Final answer:
To solve the trigonometric equation involving cos(x) and sin(x), we obtain a common denominator and use trigonometric identities to simplify the expression. The provided values for x appear to be unrelated to this equation and are not used in this solution.
Step-by-step explanation:
To solve the given equation -cos(x)/(1-sin(x)) + cos(x)/(1+sin(x)), we use the properties of trigonometric expressions and combine the fractions. As we look to simplify the expression, our goal is to have a common denominator. Given two fractions, / and /, with common numerators but different denominators, we combine them by obtaining the product of the denominators (⋅) to serve as the new common denominator.

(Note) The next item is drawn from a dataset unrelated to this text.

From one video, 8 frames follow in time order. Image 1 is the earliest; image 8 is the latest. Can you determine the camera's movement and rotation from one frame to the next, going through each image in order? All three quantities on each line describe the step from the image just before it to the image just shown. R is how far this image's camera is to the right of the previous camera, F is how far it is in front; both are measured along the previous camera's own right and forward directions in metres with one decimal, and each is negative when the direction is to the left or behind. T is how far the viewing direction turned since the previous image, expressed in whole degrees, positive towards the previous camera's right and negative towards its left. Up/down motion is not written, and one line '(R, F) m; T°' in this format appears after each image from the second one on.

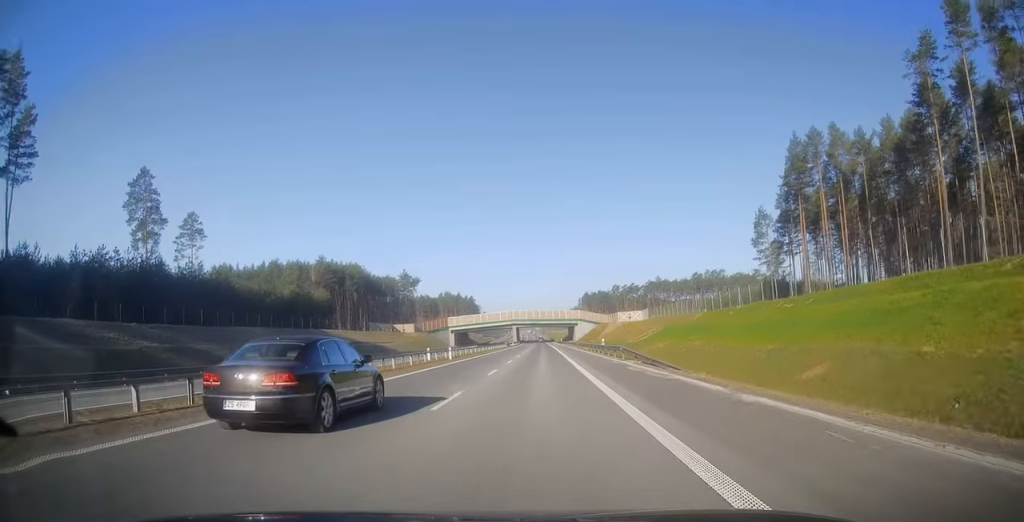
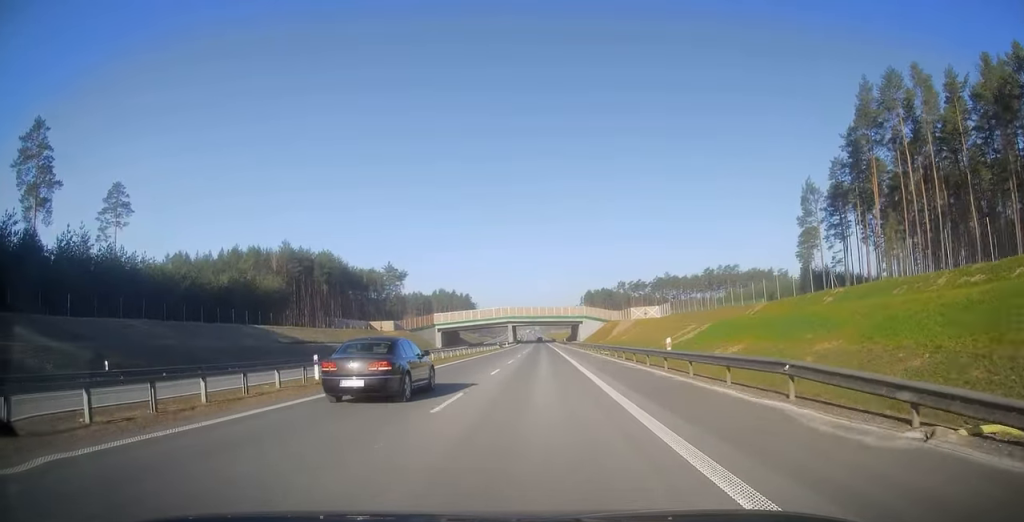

To combine -cos(x)/(1-sin(x)) and cos(x)/(1+sin(x)), we multiply the numerator and denominator of the first fraction by (1+sin(x)) and the second fraction by (1-sin(x)). This results in equivalent expressions with a common denominator, which can then be added or subtracted as necessary. We use trigonometric identities, such as sin^2(x) + cos^2(x) = 1, to further simplify expressions.
The provided example values x = 0.0216 or x = -0.0224 seem to be solutions to a different problem and don't relate to the initial equation asked to be solved. Thus, they are not considered in the solution to the given equation. Finally, the task is to simplify the original expression, which does not inherently yield a specific numeric solution for x without additional parameters.